Assignment
Wherever the word "secondary" appears in the entries, copy the whole line.

Exercise data Start Marker

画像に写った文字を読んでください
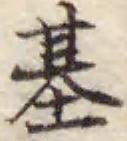
「基」と書いてあります
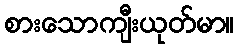
စားသောကျီးယုတ်မာ။
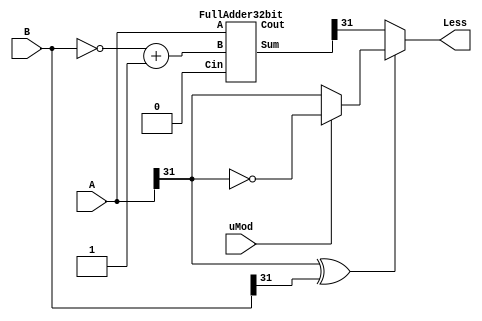
module COMP32b(output 	Less,
	       input [31:0] A, B,
	       input 	    uMod      // 1:UnsignedMode, 0:SignedMode
	       );

   wire [31:0] 		    Sum, Bm;
   wire 		    IsDiffSign;

   assign Bm = ~B + 1'b1; 
   assign IsDiffSign = A[31] ^ B[31]; 

   FullAdder32bit add32b(
			 // Outputs
			 .Sum			(Sum),
			 .Cout			(Cout),
			 // Inputs
			 .A			(A),
			 .B			(Bm),
			 .Cin			(1'b0));

   assign Less = IsDiffSign? (uMod? ~A[31] : A[31]) : Sum[31];
   
endmodule


module FullAdder32bit (
		       input wire [31:0]  A,
		       input wire [31:0]  B,
		       input wire 	  Cin,
		       output wire [31:0] Sum,
		       output wire 	  Cout
		       );

   assign {Cout, Sum} = A + B + Cin;

endmodule
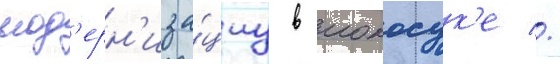
мод'ерн'иза́циу в иокосук'е //
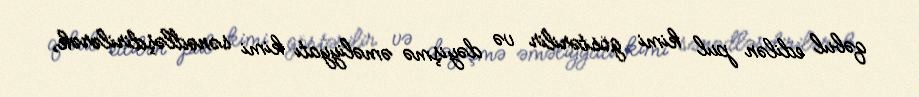
qəbul edilən pul kimi göstərilir və dəyişmə əməliyyatı kimi sənədləşdirilərək,
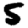
Digit: 5
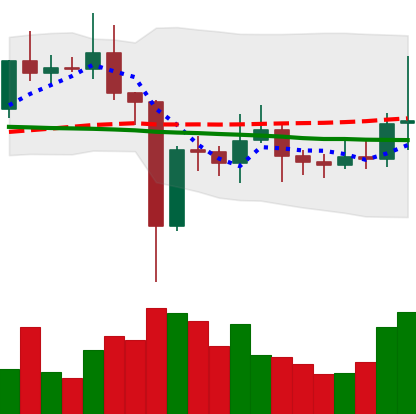
Ticker: EOS-USD
Chart end date: 2021-01-04
Forward return: 29.049%
Label: up_7plus
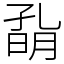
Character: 𡦀
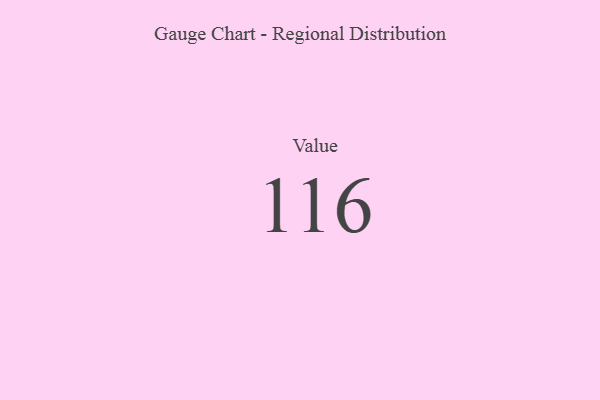
{"axis": {"x": "Metric", "y": "Value"}, "legend": [""], "data": [{"x": "Value", "y": 116, "type": ""}]}
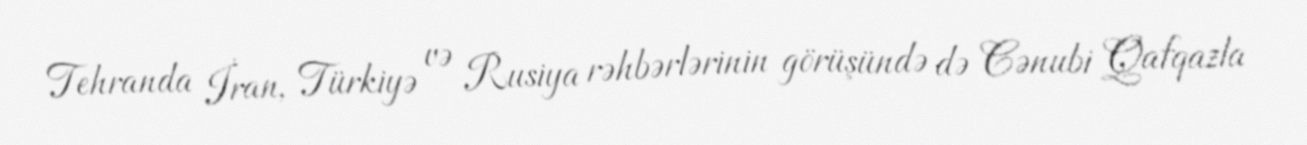
Tehranda İran, Türkiyə və Rusiya rəhbərlərinin görüşündə də Cənubi Qafqazla
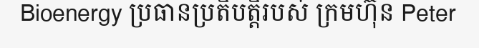
Bioenergy ប្រធានប្រតិបត្តិរបស់ ក្រមហ៊ុន Peter
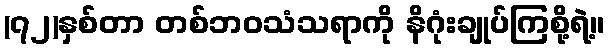
(၇၂)နှစ်တာ တစ်ဘဝသံသရာကို နိဂုံးချုပ်ကြစို့ရဲ့။
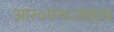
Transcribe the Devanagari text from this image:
आर०एन०सहाय
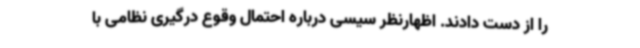
را از دست دادند. اظهارنظر سیسی درباره احتمال وقوع درگیری نظامی با
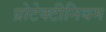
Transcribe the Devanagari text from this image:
प्रोटेक्टीनियम
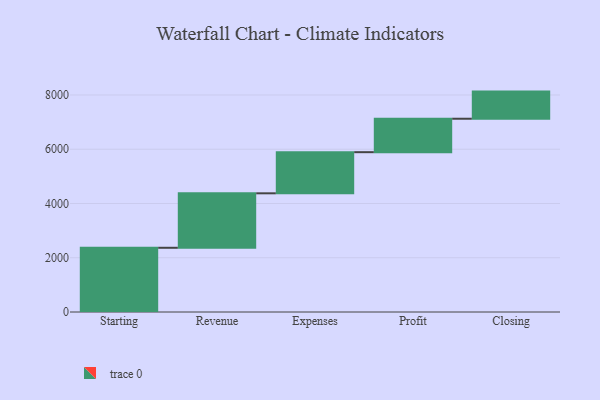
{"axis": {"x": "Step", "y": "Value"}, "legend": [""], "data": [{"x": "Starting", "y": 2367.0, "type": ""}, {"x": "Revenue", "y": 2008.0, "type": ""}, {"x": "Expenses", "y": 1516.0, "type": ""}, {"x": "Profit", "y": 1233.0, "type": ""}, {"x": "Closing", "y": 1000, "type": ""}]}
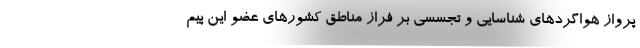
پرواز هواگردهای شناسایی و تجسسی بر فراز مناطق کشورهای عضو این پیم
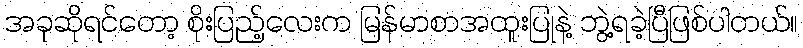
အခုဆိုရင်တော့ စိုးပြည့်လေးက မြန်မာစာအထူးပြုနဲ့ ဘွဲ့ရခဲ့ပြီဖြစ်ပါတယ်။
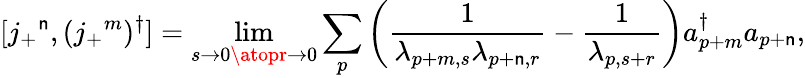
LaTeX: [j_{+}{}^{\mathsf{n}},(j_{+}{}^{m})^{\dagger}]=\operatorname*{lim}_{s\to0\atopr\to0}\sum_{p}\left(\frac{{1}}{{\lambda_{p+m,s}\lambda_{p+\mathsf{n},r}}}-\frac{{1}}{{\lambda_{p,s+r}}}\right)a_{p+m}^{\dagger}a_{p+\mathsf{n}},
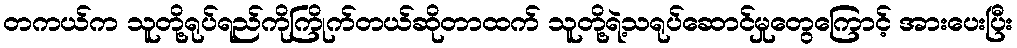
တကယ်က သူတို့ရုပ်ရည်ကိုကြိုက်တယ်ဆိုတာထက် သူတို့ရဲ့သရုပ်ဆောင်မှုတွေကြောင့် အားပေးပြီး
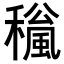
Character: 𥣍
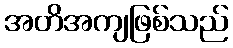
အတိအကျဖြစ်သည်
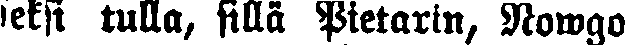
seksi tulla, sillä Pietarin, Nowgo
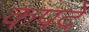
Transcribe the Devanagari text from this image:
कपदे
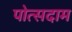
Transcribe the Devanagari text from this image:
पोत्सदाम
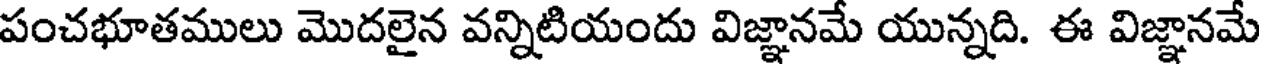
పంచభూతములు మొదలైన వన్నిటియందు విజ్ఞానమే యున్నది. ఈ విజ్ఞానమే
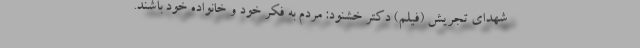
شهدای تجریش (فیلم) دکتر خشنود: مردم به فکر خود و خانواده خود باشند.
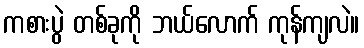
ကစားပွဲ တစ်ခုကို ဘယ်လောက် ကုန်ကျလဲ။
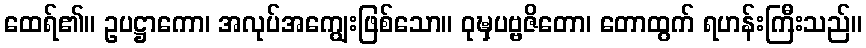
ထေရ်၏။ ဥပဋ္ဌာကော၊ အလုပ်အကျွေးဖြစ်သော။ ဝုဍ္ဎှပဗ္ဗဇိတော၊ တောထွက် ရဟန်းကြီးသည်။
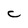
Character: C
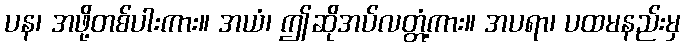
ပန၊ အဖို့တစ်ပါးကား။ အယံ၊ ဤဆိုအပ်လတ္တံ့ကား။ အပရာ၊ ပထမနည်းမှ
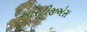
આરટીજીએસ
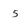
Character: 5
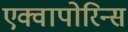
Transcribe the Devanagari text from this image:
एक्वापोरिन्स
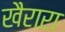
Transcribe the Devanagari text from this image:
खैरारा
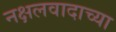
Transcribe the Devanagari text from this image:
नक्षलवादाच्या
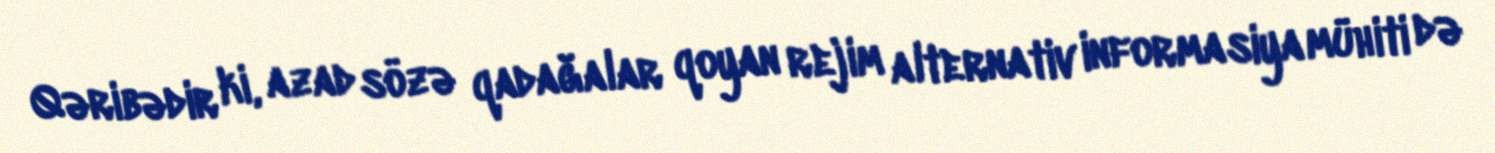
Qəribədir ki, azad sözə qadağalar qoyan rejim alternativ informasiya mühiti də
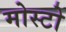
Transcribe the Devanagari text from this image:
मोस्टो
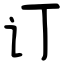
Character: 订
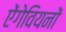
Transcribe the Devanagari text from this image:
ऐंगेवियनों
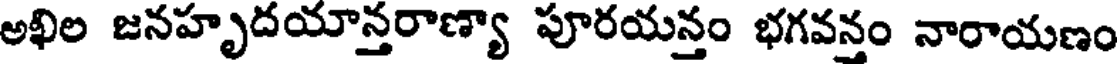
అఖిల జనహృదయాన్తరాణ్యా పూరయన్తం భగవన్తం నారాయణం
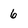
Character: 6
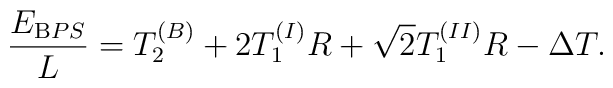
\frac{E_{{\mathrm BPS}}}{L} =T_2^{(B)} + 2 T_1^{(I)} R + \sqrt{2} T_1^{(II)} R- \Delta T.
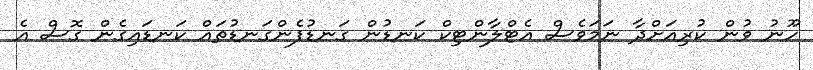
ހޫނު ވުން ކުރިއަށްދާ ނަމަވެސް އެޓްލާންޓިކް ކަނޑުން ގަނޑުފެންގަނޑުތައް ކަނޑައިގެން ގޮސް އެ
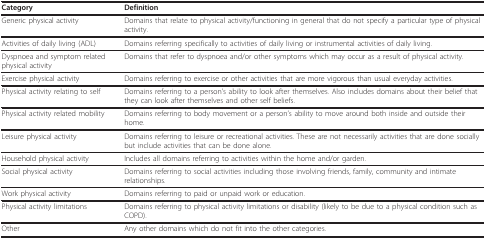
<table><thead><tr><td><b>Category</b></td><td><b>Definition</b></td></tr></thead><tbody><tr><td>Generic physical activity</td><td>Domains that relate to physical activity/functioning in general that do not specify a particular type of physical activity.</td></tr><tr><td>Activities of daily living (ADL)</td><td>Domains referring specifically to activities of daily living or instrumental activities of daily living.</td></tr><tr><td>Dyspnoea and symptom related physical activity</td><td>Domains that refer to dyspnoea and/or other symptoms which may occur as a result of physical activity.</td></tr><tr><td>Exercise physical activity</td><td>Domains referring to exercise or other activities that are more vigorous than usual everyday activities.</td></tr><tr><td>Physical activity relating to self</td><td>Domains referring to a person&#x27;s ability to look after themselves. Also includes domains about their belief that they can look after themselves and other self beliefs.</td></tr><tr><td>Physical activity related mobility</td><td>Domains referring to body movement or a person&#x27;s ability to move around both inside and outside their home.</td></tr><tr><td>Leisure physical activity</td><td>Domains referring to leisure or recreational activities. These are not necessarily activities that are done socially but include activities that can be done alone.</td></tr><tr><td>Household physical activity</td><td>Includes all domains referring to activities within the home and/or garden.</td></tr><tr><td>Social physical activity</td><td>Domains referring to social activities including those involving friends, family, community and intimate relationships.</td></tr><tr><td>Work physical activity</td><td>Domains referring to paid or unpaid work or education.</td></tr><tr><td>Physical activity limitations</td><td>Domains referring to physical activity limitations or disability (likely to be due to a physical condition such as COPD).</td></tr><tr><td>Other</td><td>Any other domains which do not fit into the other categories.</td></tr></tbody></table>
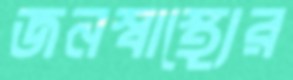
জনস্বাস্থ্যের
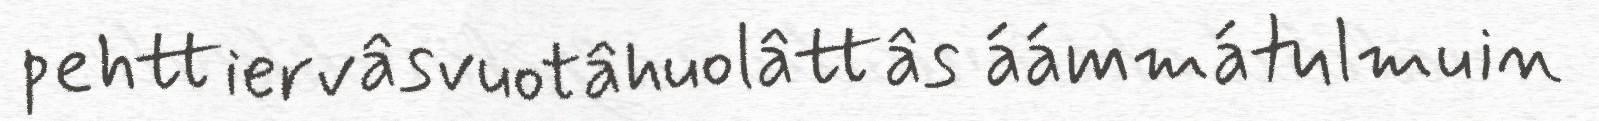
pehttiervâsvuotâhuolâttâs áámmátulmuin
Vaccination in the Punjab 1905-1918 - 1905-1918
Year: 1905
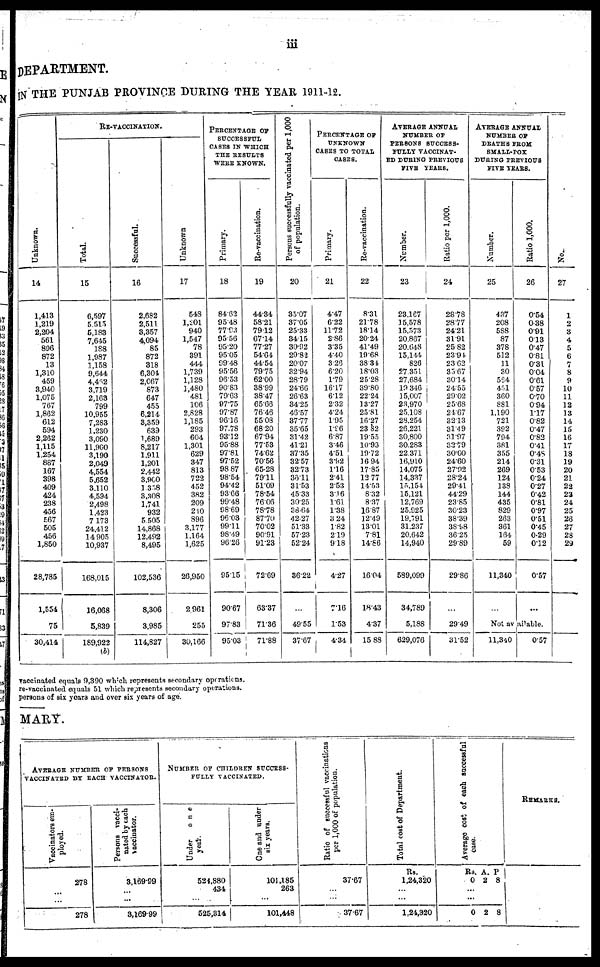
iii
DEPARTMENT.
IN THE PUNJAB PROVINCE DURING THE YEAR 1911-12.
Unknown.
14
1,413
1,219
2,204
561
896
872
13
1,310
459
3,940
1,075
767
1,862
612
594
2,262
1,115
1,254
887
167
398
409
424
238
456
567
505
456
1,850
28,785
1,554
75
30,414
RE-VACCINATION.
Total.
15
6,597
5,515
5,183
7,645
188
1,987
1,158
9,644
4,462
3,719
2,163
799
10,955
7,283
1,230
3,090
11,900
3,190
2,049
4,554
5,652
3,110
4,594
2,498
1,423
7,173
24,412
14,905
10,937
168,015
16,068
5,839
189,922
(b)
Successful.
16
2,682
2,511
3,357
4,094
85
872
318
6,304
2,067
873
647
455
6,214
3,359
639
1,689
8,217
1,911
1,201
2,442
3,900
1,338
3,308
1,741
932
5,505
14,868
12,492
8,495
102,536
8,306
3,985
114,827
Unknown
17
548
1,201
940
1,547
78
391
444
1,739
1,128
1,480
481
106
2,828
1,185
293
604
1,301
629
347
813
722
452
382
209
210
896
3,177
1,164
1,625
26,950
2 961
255
30,166
PERCENTAGE OF
SUCCESSFUL
CASES IN WHICH
THE RESULTS
WERE KNOWN.
Primary.
18
8463
95.48
77.93
95.56
95.20
95.05
99.48
95.56
96.53
90.83
79.63
97.75
97.87
96.16
97.78
93.12
95.88
97.81
97.52
98.87
98.54
94.42
93.66
99.48
98.69
96.03
99.11
98.49
96.26
95.15
90.67
97.83
95.03
Re-vaccination.
19
44.34
58.21
79.12
67.14
77.27
54.64
44.54
79.75
62.00
38.99
38.47
65.66
76.46
55.08
68.20
67.94
77.53
74.62
70.56
65.28
79.11
51.09
78.54
76.06
78.78
87.70
70.02
90.91
91.23
72.69
63.37
71.36
71.88
Persons successfully vaccinated per 1,000
of population.
20
35.07
37.05
25.33
34.15
30.92
29.82
20.07
32.94
28.79
24.66
26.63
34.25
46.57
37.77
35.65
31.42
41.21
37.35
32.57
32.73
36.11
31.53
45.33
30.25
38.64
42.27
51.33
57.23
52.24
36.22
...
49.55
37.67
PERCENTAGE OF
UNKNOWN
CASES TO TOTAL
CASES.
Primary.
21
4.47
6.22
11.72
2.86
3.35
4.40
3.26
6.20
1.79
16.17
6.12
2.32
4.24
1.95
1.96
6.87
3.46
4.51
3.92
1.16
2.41
2.53
3.16
1.61
1.38
3.24
1.82
2.19
9.18
4.27
7.16
1.53
4.34
Re-vaccination.
22
8.31
21.78
18.14
20.24
41.49
19.68
38.34
18.03
25.28
39.80
22.24
13.27
25.81
16.27
23.82
19.55
10.93
19.72
16.94
17.85
12.77
14.53
8.32
8.37
16.87
12.49
13.01
7.81
14.86
16.04
18.43
4.37
15.88
AVERAGE ANNUAL
NUMBER OF
PERSONS SUCCESS-
----- VACCINAT-
-- DURING PREVIOUS
FIVE YEARS.
Number.
23
23,167
15,578
15,573
20,867
20,648
15,144
826
27,351
27,684
19,346
15,007
23,970
25,108
28,254
26,221
30,800
30,283
22,371
16,910
14,075
14,337
l5,154
15,121
12,769
25,925
19,791
31,237
20,642
14,940
589,099
34,789
5,188
629,076
Ratio per 1,000.
24
28.78
28.77
24.21
31.91
25.82
23.94.
23.62
35.67
30.14
24.55
29.02
25.68
24.67
32.13
31.49
31.97
32.79
30.00
24.60
27.92
28.24
29.41
44.29
23.85
30.23
38.39
38.98
36.25
29.89
29.86
...
29.49
31.52
AVERAGE ANNUAL
NUMBER OF
DEATHS FROM
SMALL-POX
DURING PREVIOUS
FIVE YEARS.
Number.
25
437
208
588
87
378
512
11
30
554
451
360
881
1,190
721
392
794
381
355
214
269
124
138
144
435
829
263
361
164
59
11,340
...
Ratio 1,000.
26
0.54
0.38
0.91
0.13
0.47
0.81
0.31
0.04
0.61
0.57
0.70
0.94
1.17
0.82
0.47
0.82
0.41
0.48
0.31
0.53
0.24
0.27
0.42
0.81
0.97
0.51
0.45
0.29
0.12
0.57
...
Not available.
11,340
0.57
No.
27
1
2
3
4
5
6
7
8
9
10
11
12
13
14
15
16
17
18
19
20
21
22
23
24
25
26
27
28
29
vaccinated equals 9,390 which represents secondary operations.
re-vaccinated equals 51 which represents secondary opterations.
persons of six years and over six years of age.
MARY.
AVERAGE NUMBER OF PERSONS
VACCINATED BY EACH VACCINATOR.
Vaccinators em-
ployed.
278
...
...
278
Persons vacci-
nated by each
vaccinator.
3,169.99
...
...
3,169.99
NUMBER OF CHILDREN SUCCESS-
----- VACCINATED.
Under one
year.
524,880
434
...
525,314
One and under
six years.
101,185
263
...
101,448
Ratio of successful vaccinations
per 1,000 of population.
37.67
...
...
3767
Total cost of Department.
Rs.
1,24,320
...
...
1,24,320
Ave r
a ge cost of each successful
case.
Rs.
0
...
...
0
A.
2
2
P
8
8
REMARKS.

Exercise data End Marker

Task result
vaccinated equals 9,390 which represents secondary operations.
re-vaccinated equals 51 which represents secondary opterations.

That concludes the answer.